Saved data entries
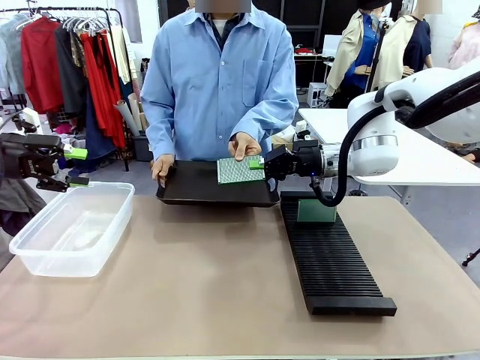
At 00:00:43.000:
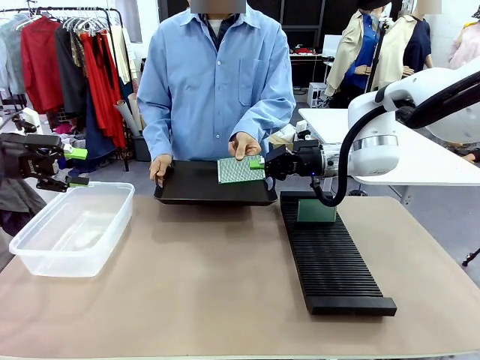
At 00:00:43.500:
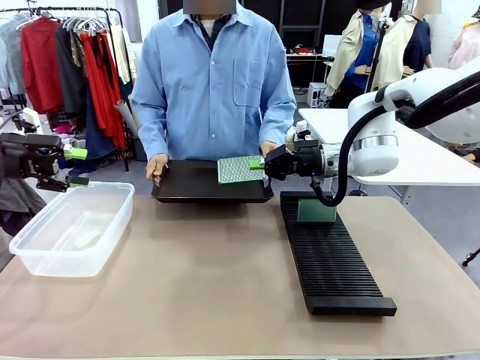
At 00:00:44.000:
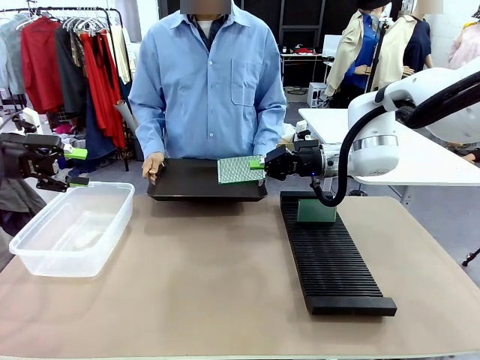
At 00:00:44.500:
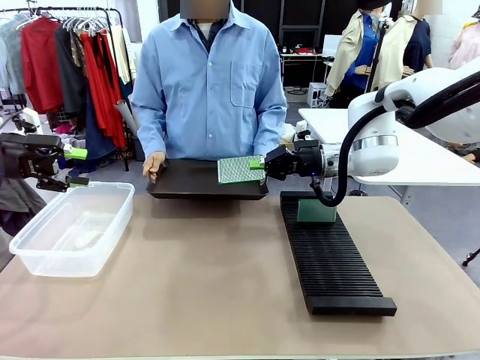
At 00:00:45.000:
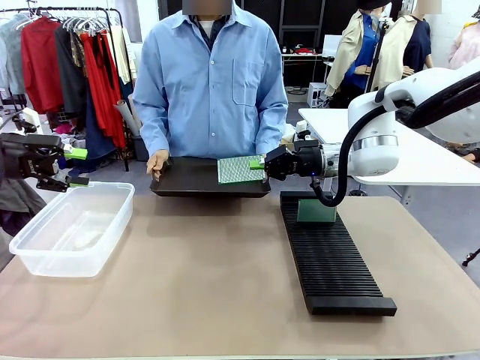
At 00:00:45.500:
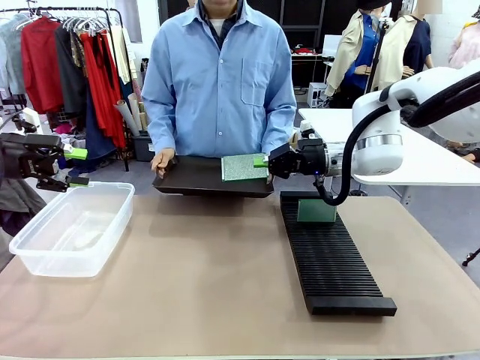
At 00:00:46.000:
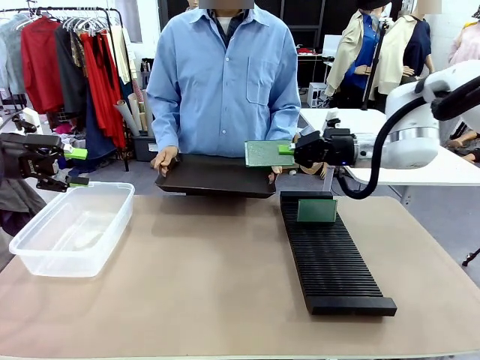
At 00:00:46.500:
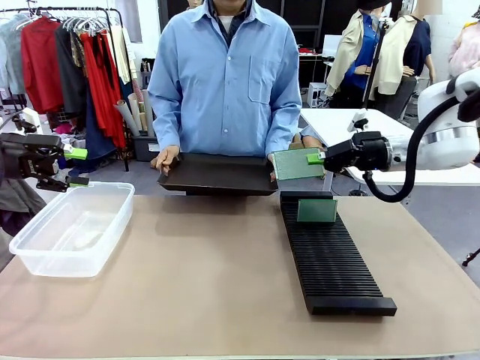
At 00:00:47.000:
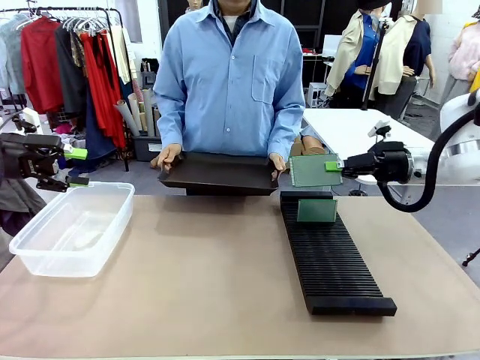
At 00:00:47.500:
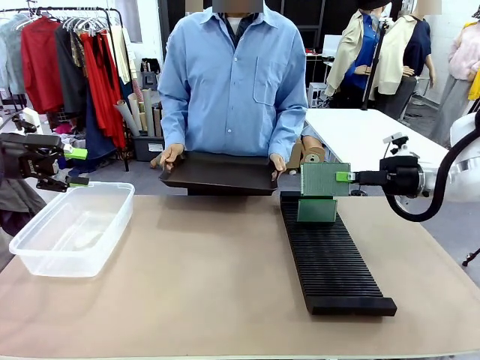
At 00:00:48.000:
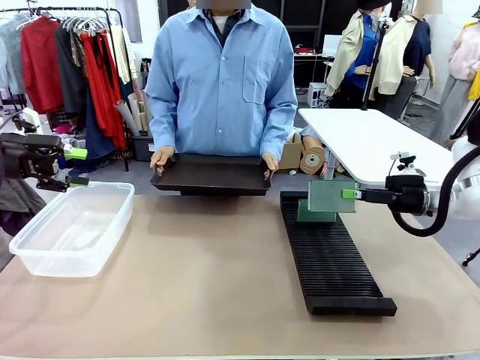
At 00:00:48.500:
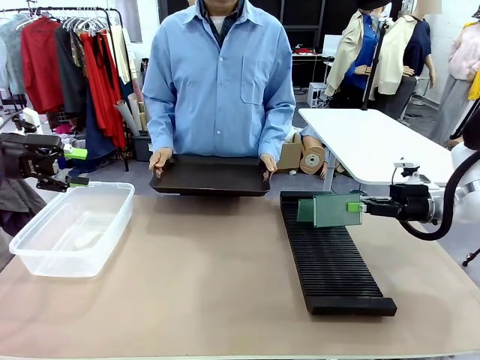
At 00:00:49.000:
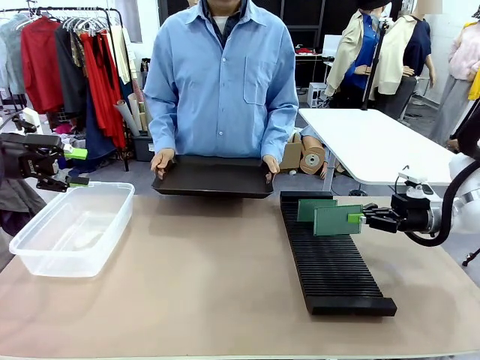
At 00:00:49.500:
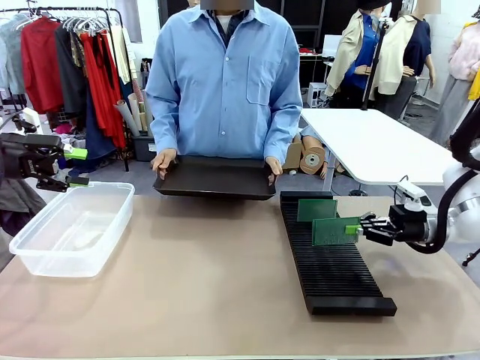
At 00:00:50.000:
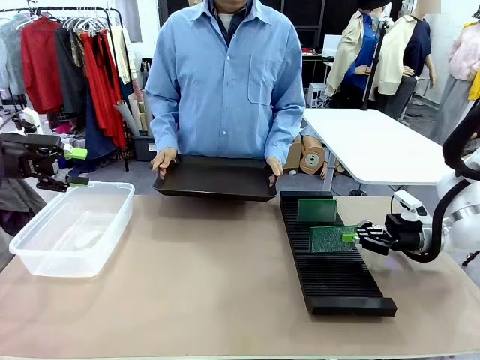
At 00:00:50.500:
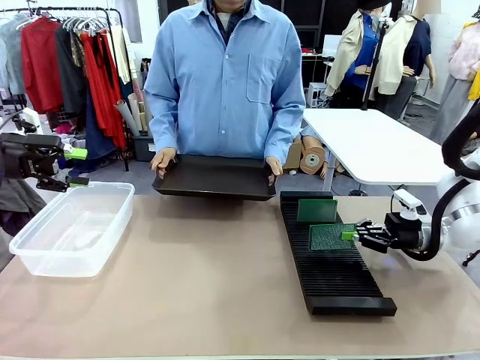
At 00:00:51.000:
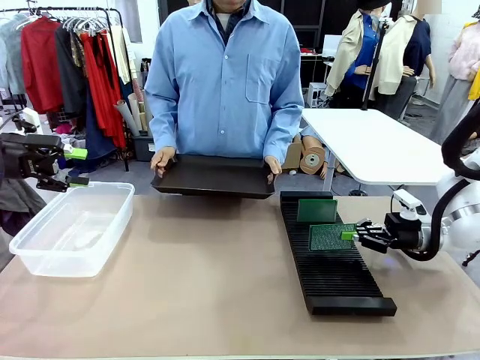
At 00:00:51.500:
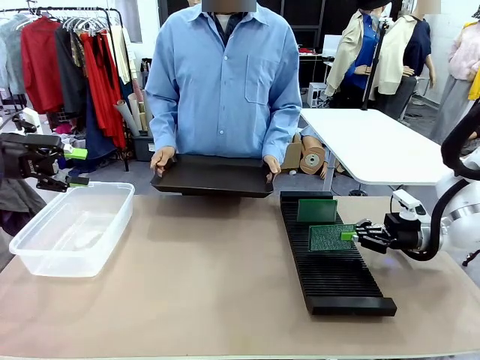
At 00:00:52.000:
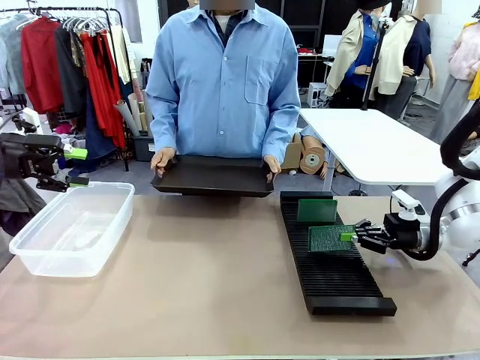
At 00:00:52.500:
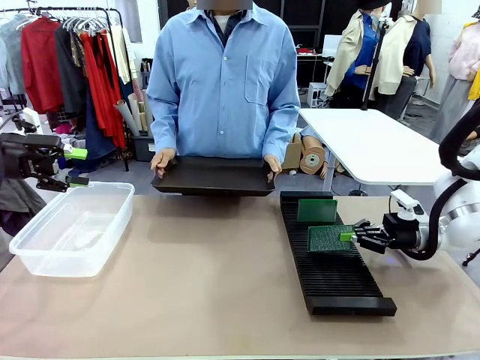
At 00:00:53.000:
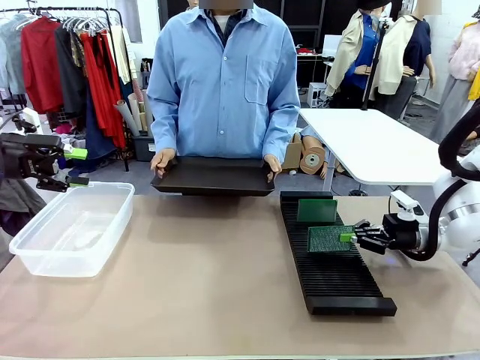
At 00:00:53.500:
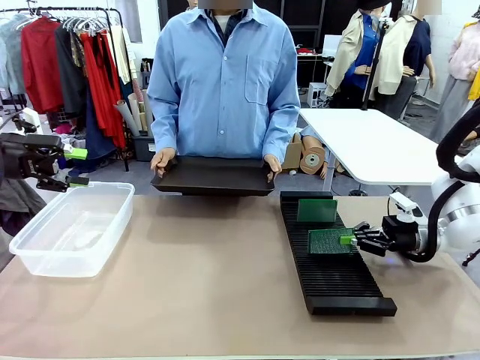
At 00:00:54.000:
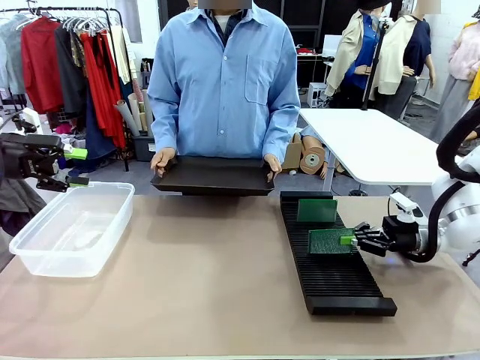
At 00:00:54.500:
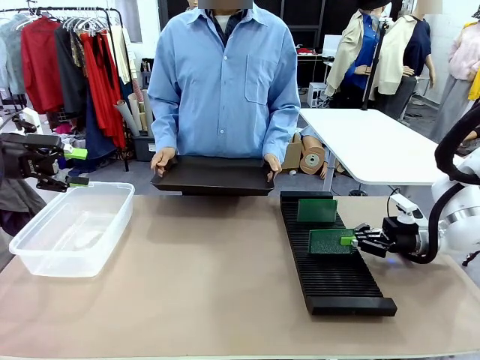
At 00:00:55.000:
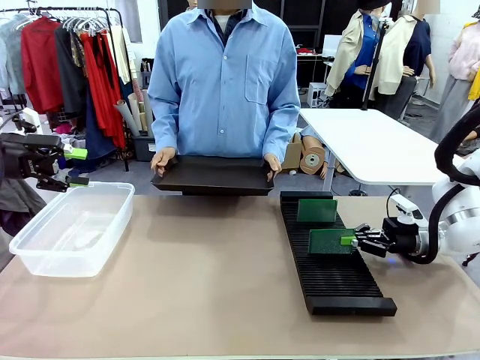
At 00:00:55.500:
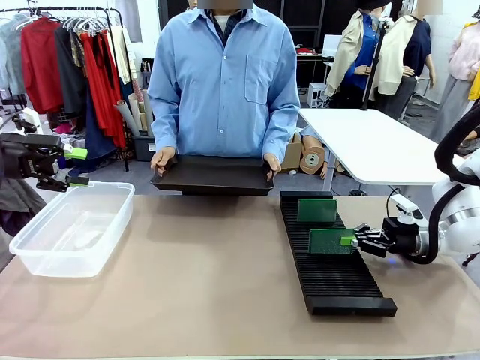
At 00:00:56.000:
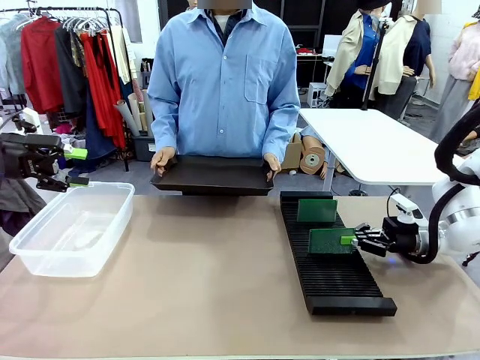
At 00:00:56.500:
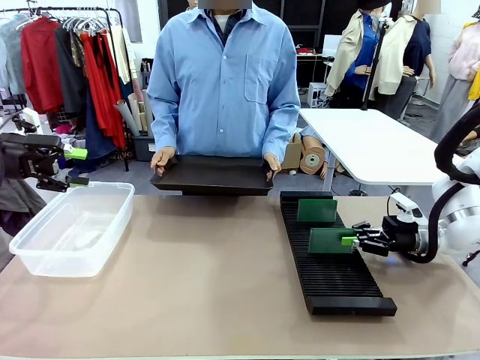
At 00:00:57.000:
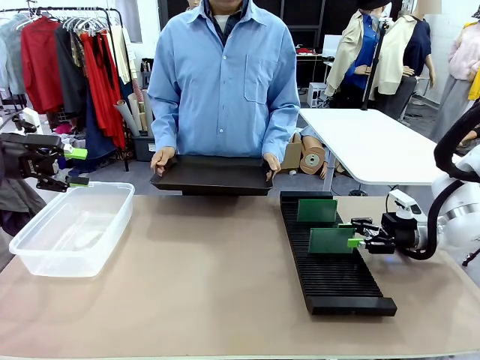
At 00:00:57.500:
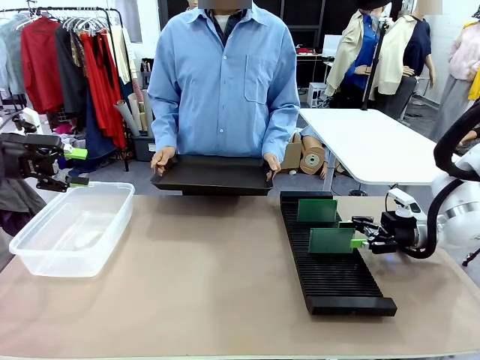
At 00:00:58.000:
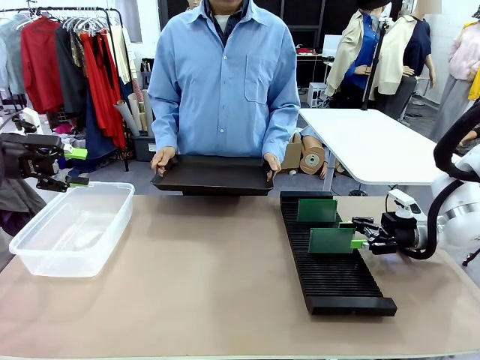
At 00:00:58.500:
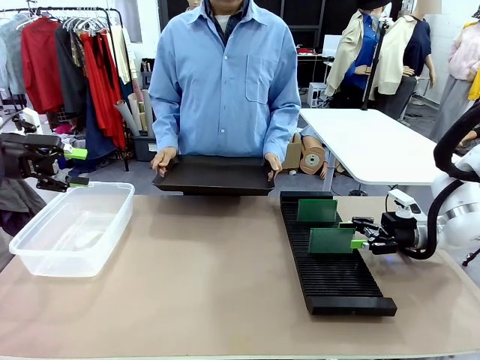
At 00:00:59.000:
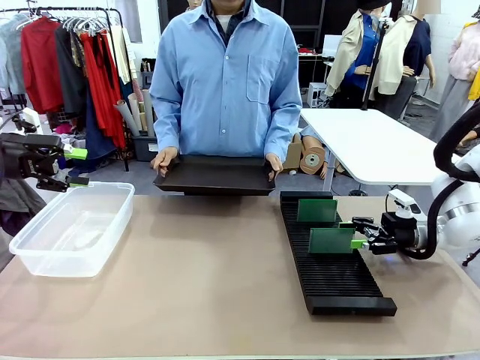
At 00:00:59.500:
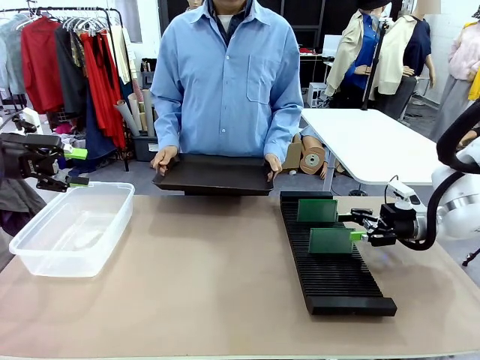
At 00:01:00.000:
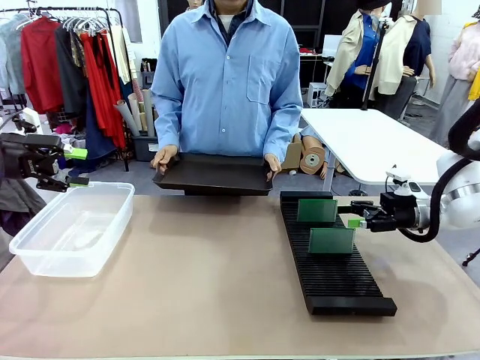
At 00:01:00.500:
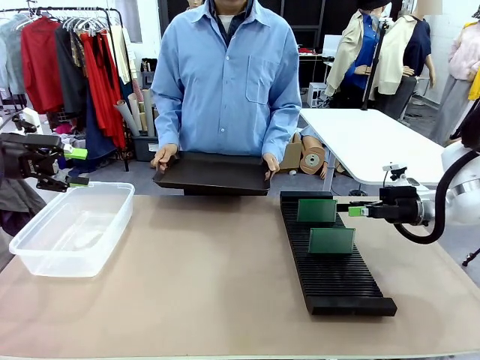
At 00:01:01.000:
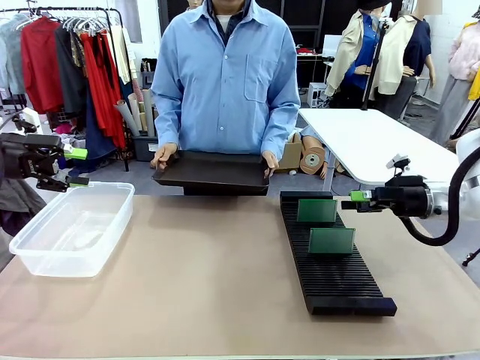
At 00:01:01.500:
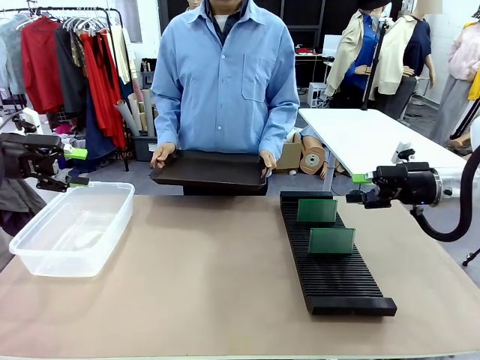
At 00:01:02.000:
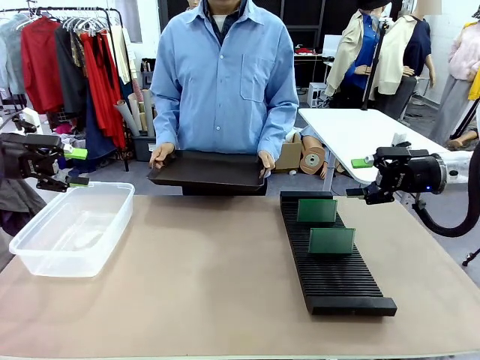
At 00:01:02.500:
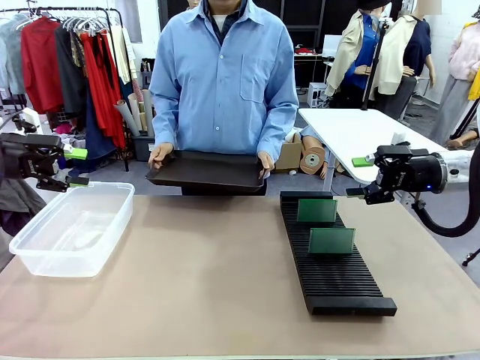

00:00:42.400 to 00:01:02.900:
Task: Sort PCBs into racks and boxes based on the side picked up.
Robot: If the short side of the Blank PCB is picked up, insert it into the PCB Rack ; if the long side is picked up, place it in the Organizing box.
Person: Release the PCB being held.

## EXERCISE GOAL
The required output is every line of the data above, set down exactly and stripped of pictures.

## FINISHED TASK
At 00:00:43.000:
At 00:00:43.500:
At 00:00:44.000:
At 00:00:44.500:
At 00:00:45.000:
At 00:00:45.500:
At 00:00:46.000:
At 00:00:46.500:
At 00:00:47.000:
At 00:00:47.500:
At 00:00:48.000:
At 00:00:48.500:
At 00:00:49.000:
At 00:00:49.500:
At 00:00:50.000:
At 00:00:50.500:
At 00:00:51.000:
At 00:00:51.500:
At 00:00:52.000:
At 00:00:52.500:
At 00:00:53.000:
At 00:00:53.500:
At 00:00:54.000:
At 00:00:54.500:
At 00:00:55.000:
At 00:00:55.500:
At 00:00:56.000:
At 00:00:56.500:
At 00:00:57.000:
At 00:00:57.500:
At 00:00:58.000:
At 00:00:58.500:
At 00:00:59.000:
At 00:00:59.500:
At 00:01:00.000:
At 00:01:00.500:
At 00:01:01.000:
At 00:01:01.500:
At 00:01:02.000:
At 00:01:02.500:

00:00:42.400 to 00:01:02.900:
Task: Sort PCBs into racks and boxes based on the side picked up.
Robot: If the short side of the Blank PCB is picked up, insert it into the PCB Rack ; if the long side is picked up, place it in the Organizing box.
Person: Release the PCB being held.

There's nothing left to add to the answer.